For UPDATE and MERGE, Delta still writes new rows when needed. The key benefit is that it can avoid rewriting unchanged rows in the original file.

Why deletion vectors help

Deletion vectors improve write efficiency for workloads with frequent small row-level changes.

They help because they:

  • Speed up DELETE, UPDATE, and MERGE operations that touch relatively few rows
  • Reduce write amplification because Delta Lake doesn't need to rewrite an entire Parquet file for every small change
  • Lower I/O for large files when only a small subset of rows changes

This behavior is often a good fit for slowly changing dimensions, upsert pipelines, cleanup jobs, and operational tables that receive frequent corrections.

Enable deletion vectors

Note

Deletion vectors are enabled by default starting in Fabric Spark runtime 2.0 (Delta 4.1).

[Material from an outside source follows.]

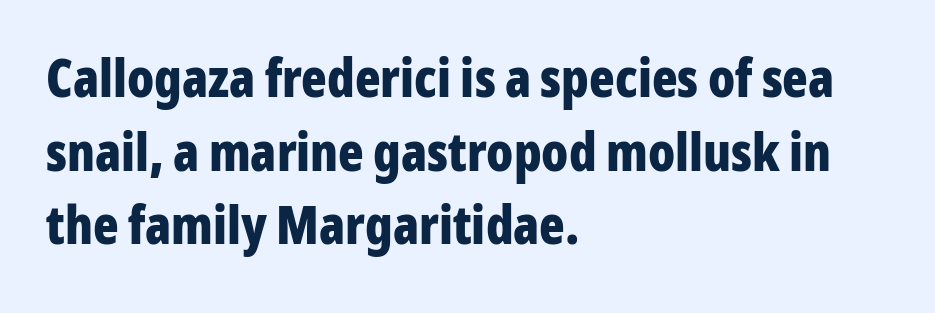
Emphasis by weight is at full strength: bold. A normal amount of white space separates one row of letters from the next. These lines are composed in type without serifs. The paragraph has a hard left edge and a soft right edge. Underlining? Definitely not there. The type sits square on the baseline with zero lean.

You can enable deletion vectors at the table level by setting the Delta table property.

CREATE TABLE sales.orders (
  order_id BIGINT,
  customer_id BIGINT,
  order_status STRING,
  order_date DATE
)
USING DELTA
TBLPROPERTIES ('delta.enableDeletionVectors' = true)

You can also enable deletion vectors on an existing table.

ALTER TABLE sales.orders
SET TBLPROPERTIES ('delta.enableDeletionVectors' = true)

Enable deletion vectors for all new tables in a session

To enable deletion vectors by default for every new table created during a Spark session, set the session-level configuration:

SET spark.databricks.delta.properties.defaults.enableDeletionVectors = TRUE

Any table created after this setting is applied has deletion vectors enabled without needing to specify the table property individually.

Understand the performance tradeoffs

Deletion vectors usually make writes faster, but they introduce a read-time tradeoff.

Write performance

Writes are often faster because Delta Lake can avoid a full file rewrite when only a few rows change.

Read performance

Reads can have minor overhead because the engine must check the deletion vector metadata and skip invalid rows while scanning data files.

For many workloads, that overhead is small compared to the write savings. However, if deletion vectors accumulate over time, the extra metadata checks can slow down reads.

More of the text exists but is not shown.